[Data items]
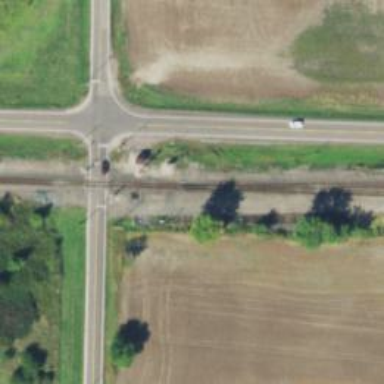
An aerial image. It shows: Railway spur junction.
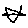
Label: star
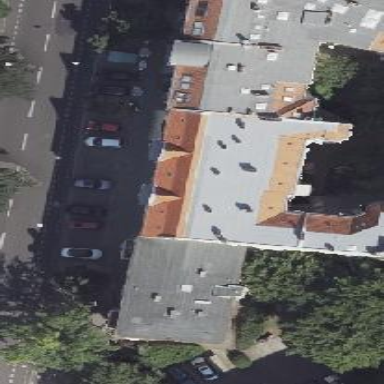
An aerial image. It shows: Apartment building with double saltbox roof shape.
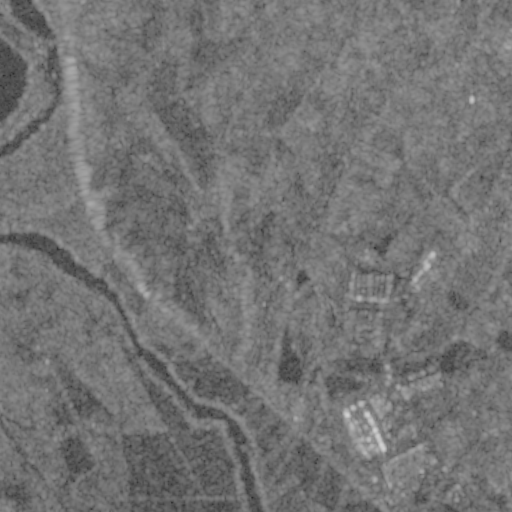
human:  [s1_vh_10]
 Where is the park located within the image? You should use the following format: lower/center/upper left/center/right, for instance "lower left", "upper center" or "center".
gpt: The park is located in the lower right of the image.
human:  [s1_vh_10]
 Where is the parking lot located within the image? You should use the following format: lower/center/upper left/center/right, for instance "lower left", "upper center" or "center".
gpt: The parking lot is located in the lower right of the image.
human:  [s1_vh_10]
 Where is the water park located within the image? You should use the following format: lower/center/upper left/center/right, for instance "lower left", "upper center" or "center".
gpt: The water park is located in the lower left of the image.
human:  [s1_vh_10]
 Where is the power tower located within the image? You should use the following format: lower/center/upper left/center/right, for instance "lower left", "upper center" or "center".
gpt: There is no power tower in the image.

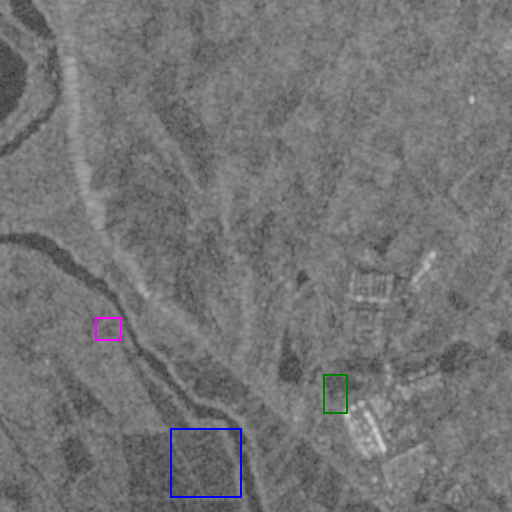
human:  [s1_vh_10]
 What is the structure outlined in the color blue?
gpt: The structure outlined in blue is a crop field.
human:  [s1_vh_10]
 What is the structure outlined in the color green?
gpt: The structure outlined in green is a parking lot.
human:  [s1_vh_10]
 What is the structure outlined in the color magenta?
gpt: The structure outlined in magenta is a water park.
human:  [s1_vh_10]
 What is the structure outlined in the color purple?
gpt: There is no purple outline.
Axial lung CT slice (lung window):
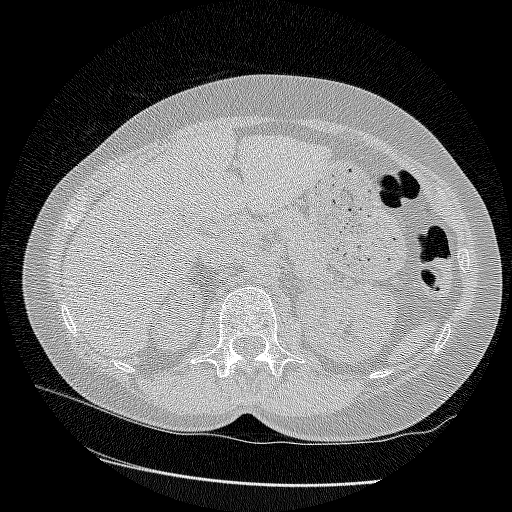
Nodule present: no
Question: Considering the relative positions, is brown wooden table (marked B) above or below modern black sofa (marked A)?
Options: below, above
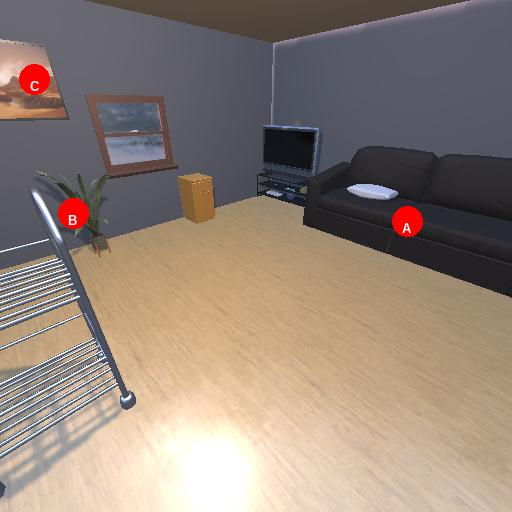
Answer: below
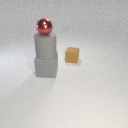
large gray rubber cube below large gray rubber cylinder
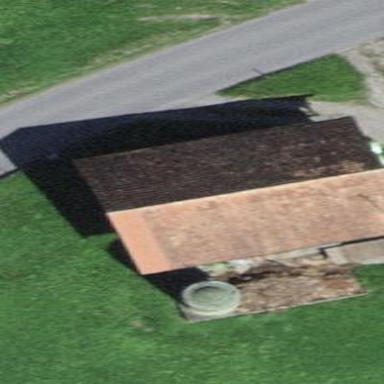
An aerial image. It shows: Rural barn.
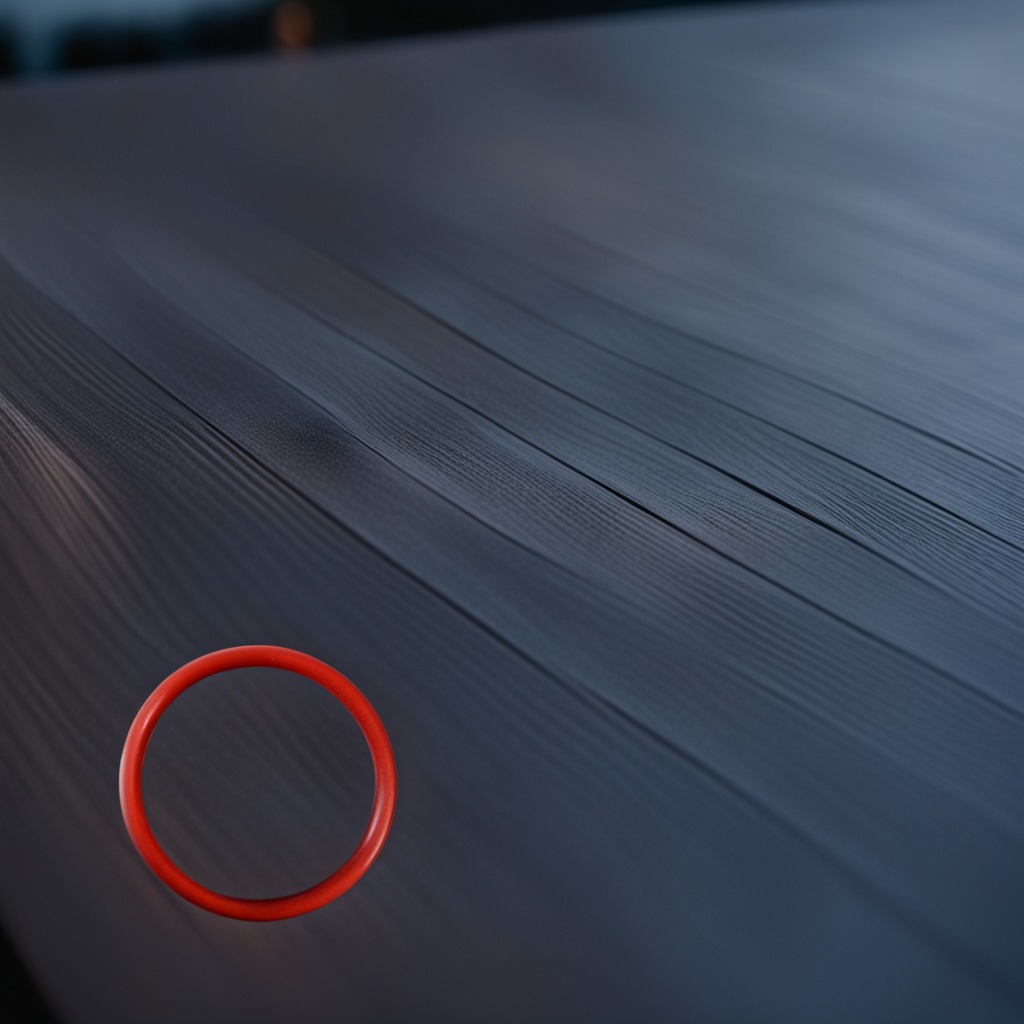
A rubber O-ring is lying on the old table in the garage.
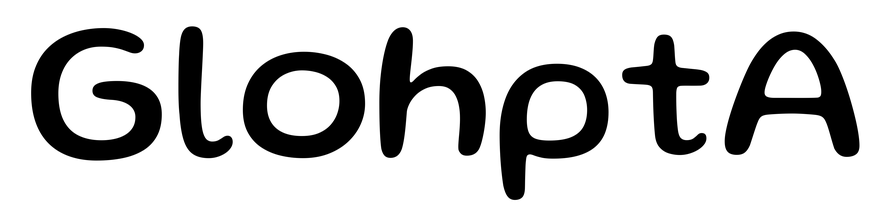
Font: Gluten_Regular
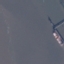
Land use / land cover: SeaLake
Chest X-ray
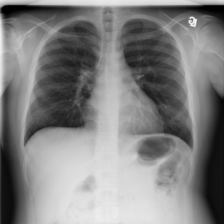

• WORK INSTRUCTIONS:
Print the records word for word and exclude any picture they hold.

• ANSWER TO THIS PROBLEM:
An aerial image. It shows: Railway spur junction.
Label: star
An aerial image. It shows: Apartment building with double saltbox roof shape.
human:  [s1_vh_10]
 Where is the park located within the image? You should use the following format: lower/center/upper left/center/right, for instance "lower left", "upper center" or "center".
gpt: The park is located in the lower right of the image.
human:  [s1_vh_10]
 Where is the parking lot located within the image? You should use the following format: lower/center/upper left/center/right, for instance "lower left", "upper center" or "center".
gpt: The parking lot is located in the lower right of the image.
human:  [s1_vh_10]
 Where is the water park located within the image? You should use the following format: lower/center/upper left/center/right, for instance "lower left", "upper center" or "center".
gpt: The water park is located in the lower left of the image.
human:  [s1_vh_10]
 Where is the power tower located within the image? You should use the following format: lower/center/upper left/center/right, for instance "lower left", "upper center" or "center".
gpt: There is no power tower in the image.

human:  [s1_vh_10]
 What is the structure outlined in the color blue?
gpt: The structure outlined in blue is a crop field.
human:  [s1_vh_10]
 What is the structure outlined in the color green?
gpt: The structure outlined in green is a parking lot.
human:  [s1_vh_10]
 What is the structure outlined in the color magenta?
gpt: The structure outlined in magenta is a water park.
human:  [s1_vh_10]
 What is the structure outlined in the color purple?
gpt: There is no purple outline.
Axial lung CT slice (lung window):
Nodule present: no
Question: Considering the relative positions, is brown wooden table (marked B) above or below modern black sofa (marked A)?
Options: below, above
Answer: below
large gray rubber cube below large gray rubber cylinder
An aerial image. It shows: Rural barn.
A rubber O-ring is lying on the old table in the garage.
Font: Gluten_Regular
Land use / land cover: SeaLake
Chest X-ray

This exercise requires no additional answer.